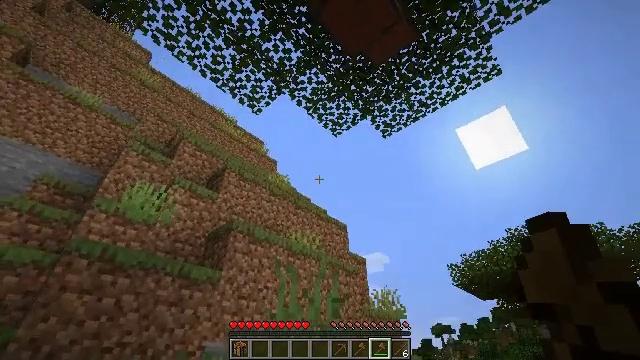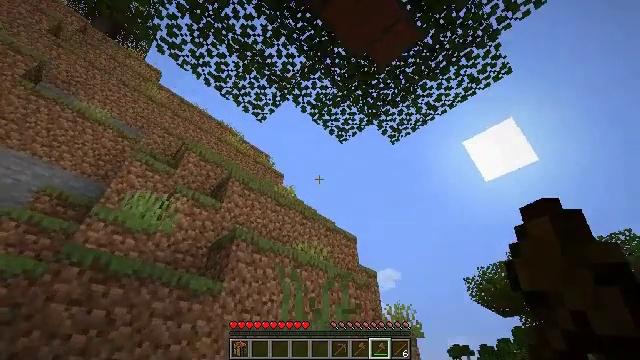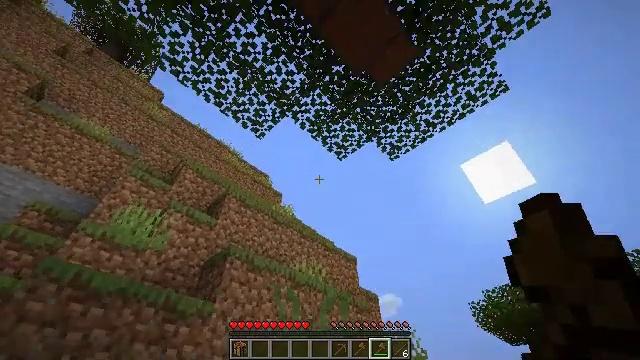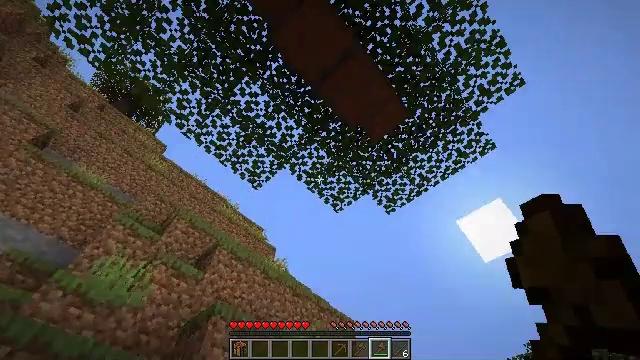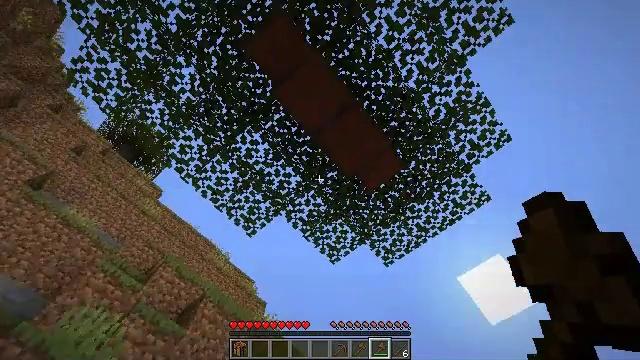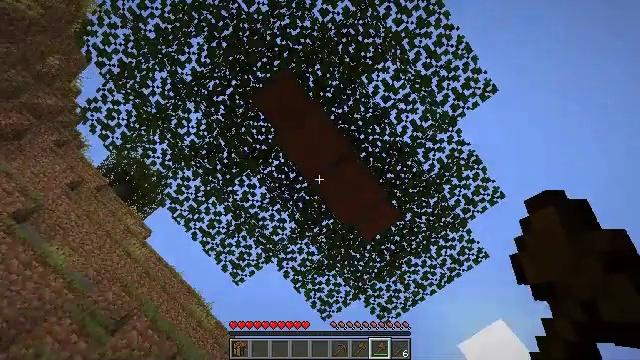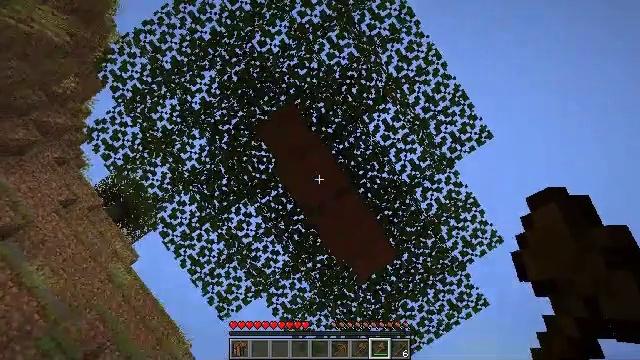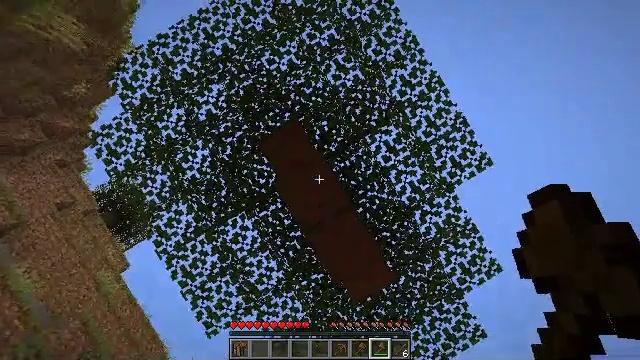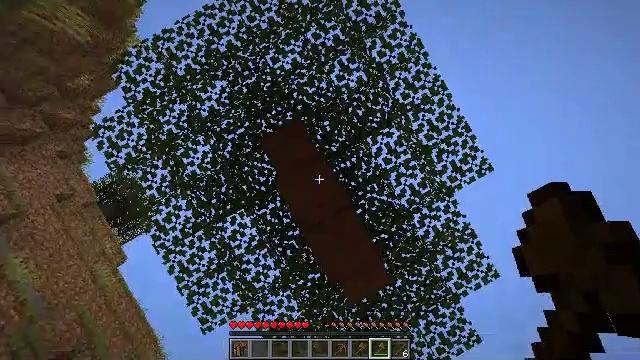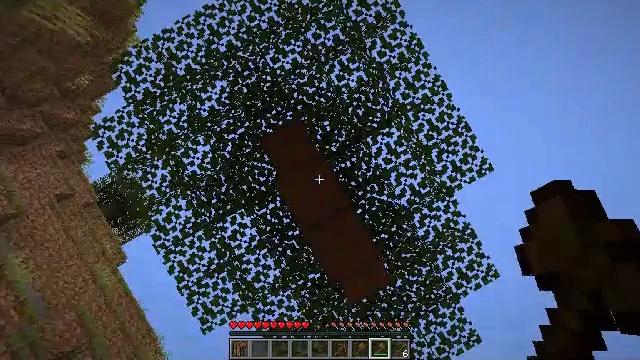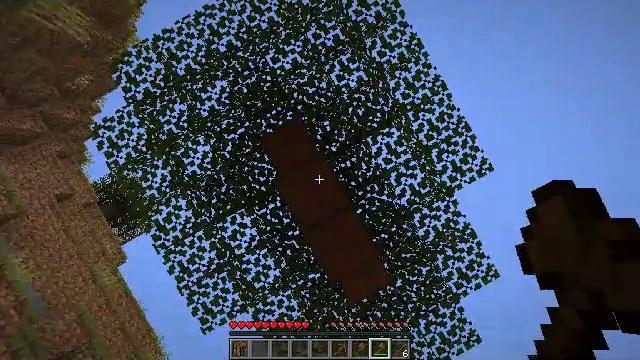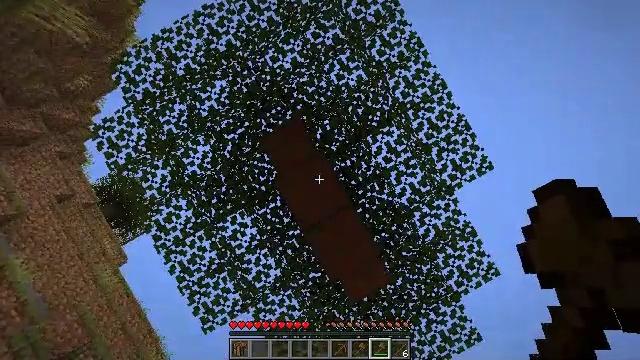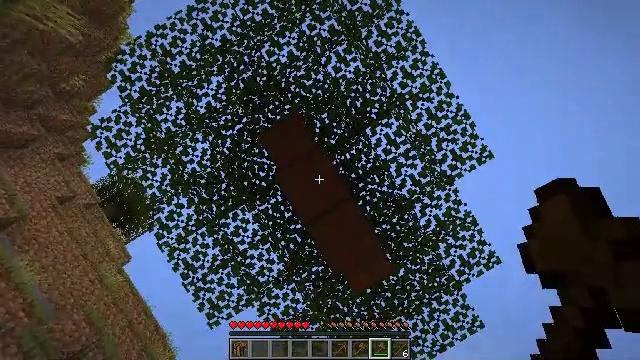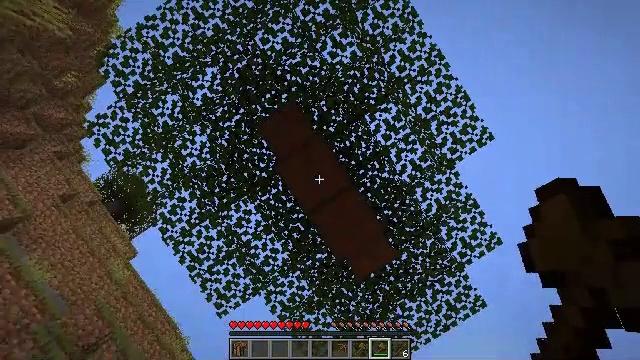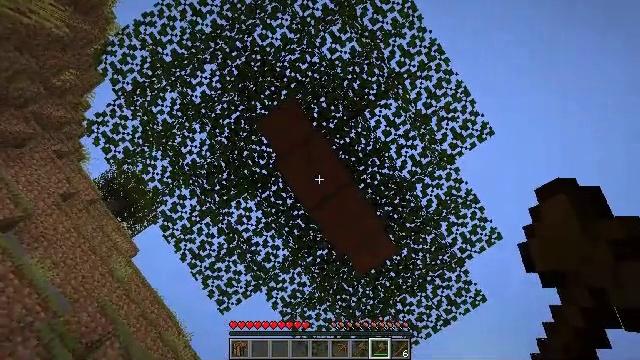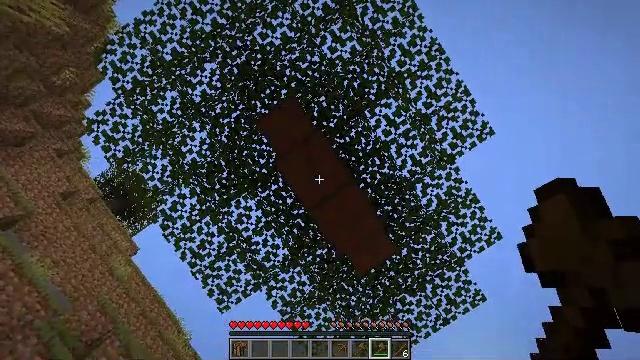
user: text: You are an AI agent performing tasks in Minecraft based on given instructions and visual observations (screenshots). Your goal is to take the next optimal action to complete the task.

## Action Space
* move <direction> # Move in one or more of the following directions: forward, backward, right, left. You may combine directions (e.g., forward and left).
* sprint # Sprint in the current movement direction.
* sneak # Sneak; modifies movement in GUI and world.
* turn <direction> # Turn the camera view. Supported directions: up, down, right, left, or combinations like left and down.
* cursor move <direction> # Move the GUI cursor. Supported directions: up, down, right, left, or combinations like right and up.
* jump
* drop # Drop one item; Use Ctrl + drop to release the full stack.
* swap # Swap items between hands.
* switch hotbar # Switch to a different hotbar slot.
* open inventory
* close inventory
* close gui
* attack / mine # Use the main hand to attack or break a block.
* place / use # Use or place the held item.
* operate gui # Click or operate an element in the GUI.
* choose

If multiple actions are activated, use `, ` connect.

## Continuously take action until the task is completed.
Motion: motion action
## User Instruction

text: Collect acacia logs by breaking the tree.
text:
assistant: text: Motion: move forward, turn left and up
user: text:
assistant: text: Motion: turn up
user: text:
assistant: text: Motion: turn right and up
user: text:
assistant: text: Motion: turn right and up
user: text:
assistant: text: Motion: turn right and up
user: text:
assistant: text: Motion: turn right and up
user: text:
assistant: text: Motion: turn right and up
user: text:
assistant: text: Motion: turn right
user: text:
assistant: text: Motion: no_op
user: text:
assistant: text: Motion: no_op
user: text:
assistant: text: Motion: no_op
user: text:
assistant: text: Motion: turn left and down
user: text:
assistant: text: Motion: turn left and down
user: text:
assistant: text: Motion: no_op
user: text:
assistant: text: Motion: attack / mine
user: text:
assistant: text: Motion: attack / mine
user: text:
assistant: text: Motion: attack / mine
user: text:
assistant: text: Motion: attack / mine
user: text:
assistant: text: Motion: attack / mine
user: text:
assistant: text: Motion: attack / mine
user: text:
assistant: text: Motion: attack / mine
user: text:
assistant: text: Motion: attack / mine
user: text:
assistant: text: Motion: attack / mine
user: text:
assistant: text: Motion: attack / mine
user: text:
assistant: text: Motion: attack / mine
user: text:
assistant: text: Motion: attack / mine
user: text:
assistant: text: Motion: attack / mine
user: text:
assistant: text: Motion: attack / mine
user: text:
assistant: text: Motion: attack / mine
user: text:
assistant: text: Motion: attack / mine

* * *

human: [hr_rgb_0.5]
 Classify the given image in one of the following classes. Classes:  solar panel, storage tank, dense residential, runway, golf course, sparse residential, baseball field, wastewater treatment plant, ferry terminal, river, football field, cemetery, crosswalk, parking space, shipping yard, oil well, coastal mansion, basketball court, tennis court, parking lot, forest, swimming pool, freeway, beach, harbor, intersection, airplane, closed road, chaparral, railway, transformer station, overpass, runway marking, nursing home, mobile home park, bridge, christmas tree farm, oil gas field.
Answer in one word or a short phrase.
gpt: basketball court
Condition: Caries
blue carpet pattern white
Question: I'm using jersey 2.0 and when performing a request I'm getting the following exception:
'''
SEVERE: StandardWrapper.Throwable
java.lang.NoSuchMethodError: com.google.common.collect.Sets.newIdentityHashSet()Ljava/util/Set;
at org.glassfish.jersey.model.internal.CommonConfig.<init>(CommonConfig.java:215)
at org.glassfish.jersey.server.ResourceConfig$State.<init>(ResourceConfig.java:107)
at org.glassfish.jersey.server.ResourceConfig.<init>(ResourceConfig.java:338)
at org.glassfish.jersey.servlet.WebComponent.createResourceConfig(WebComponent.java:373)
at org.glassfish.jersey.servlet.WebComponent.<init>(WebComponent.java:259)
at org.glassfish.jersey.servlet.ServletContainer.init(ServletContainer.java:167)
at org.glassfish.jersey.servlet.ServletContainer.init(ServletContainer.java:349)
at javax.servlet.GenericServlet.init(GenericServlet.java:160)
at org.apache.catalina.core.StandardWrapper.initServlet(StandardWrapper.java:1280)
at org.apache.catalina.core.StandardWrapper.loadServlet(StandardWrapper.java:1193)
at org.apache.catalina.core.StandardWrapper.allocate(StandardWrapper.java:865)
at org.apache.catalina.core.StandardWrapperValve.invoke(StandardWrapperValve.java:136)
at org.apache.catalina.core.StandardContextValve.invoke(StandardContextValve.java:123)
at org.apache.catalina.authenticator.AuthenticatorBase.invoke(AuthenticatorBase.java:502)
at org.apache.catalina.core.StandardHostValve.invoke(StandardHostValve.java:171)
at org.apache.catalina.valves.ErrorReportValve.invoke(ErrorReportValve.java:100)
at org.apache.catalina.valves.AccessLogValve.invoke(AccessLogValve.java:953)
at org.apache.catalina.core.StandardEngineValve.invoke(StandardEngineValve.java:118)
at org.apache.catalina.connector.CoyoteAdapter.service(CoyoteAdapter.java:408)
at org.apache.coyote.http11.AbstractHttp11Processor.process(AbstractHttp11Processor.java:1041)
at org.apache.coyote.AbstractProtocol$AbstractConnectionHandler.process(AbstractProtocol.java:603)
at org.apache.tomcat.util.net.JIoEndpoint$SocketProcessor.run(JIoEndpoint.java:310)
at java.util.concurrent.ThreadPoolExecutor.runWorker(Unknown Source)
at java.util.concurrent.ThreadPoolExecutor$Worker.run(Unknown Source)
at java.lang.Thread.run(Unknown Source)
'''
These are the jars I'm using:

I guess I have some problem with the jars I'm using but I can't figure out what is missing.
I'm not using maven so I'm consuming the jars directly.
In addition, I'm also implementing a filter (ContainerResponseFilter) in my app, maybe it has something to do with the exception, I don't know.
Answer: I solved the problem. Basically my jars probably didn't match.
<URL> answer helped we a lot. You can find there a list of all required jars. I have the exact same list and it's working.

--

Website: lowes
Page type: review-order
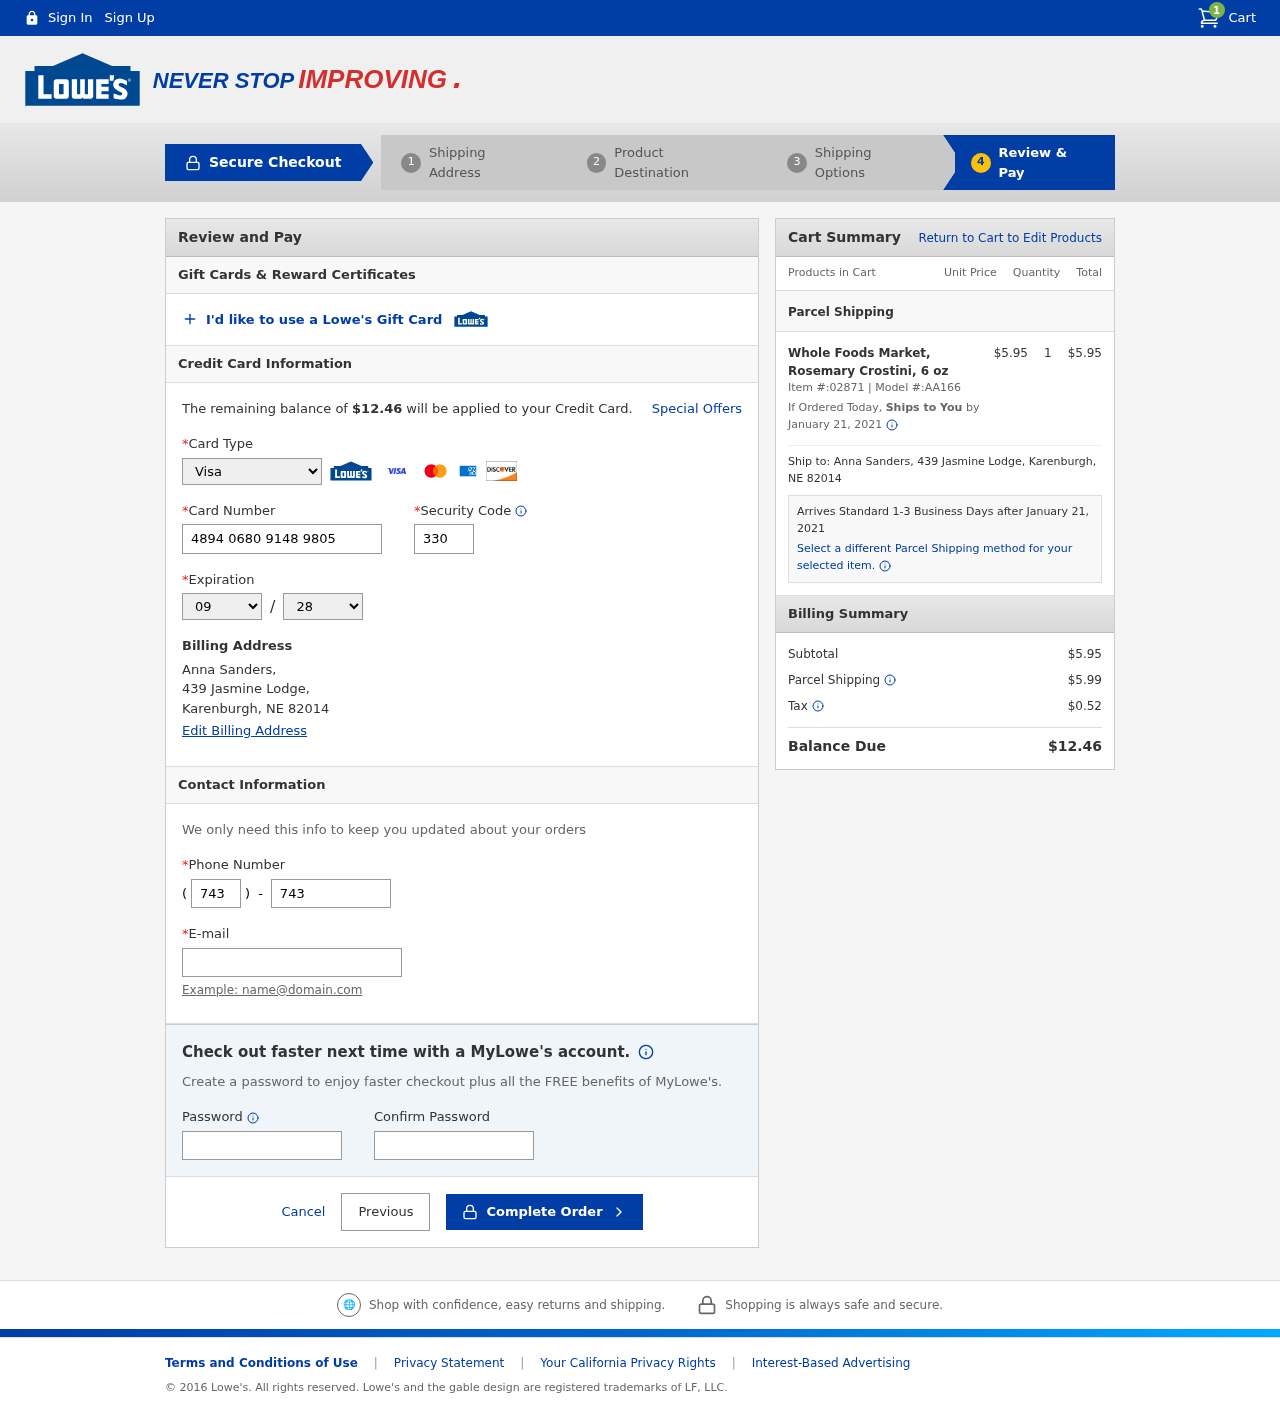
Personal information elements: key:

Assignment
Each line of the records above that contains the word "like" should be counted; give the resulting number without further words.

Solution to the exercise
2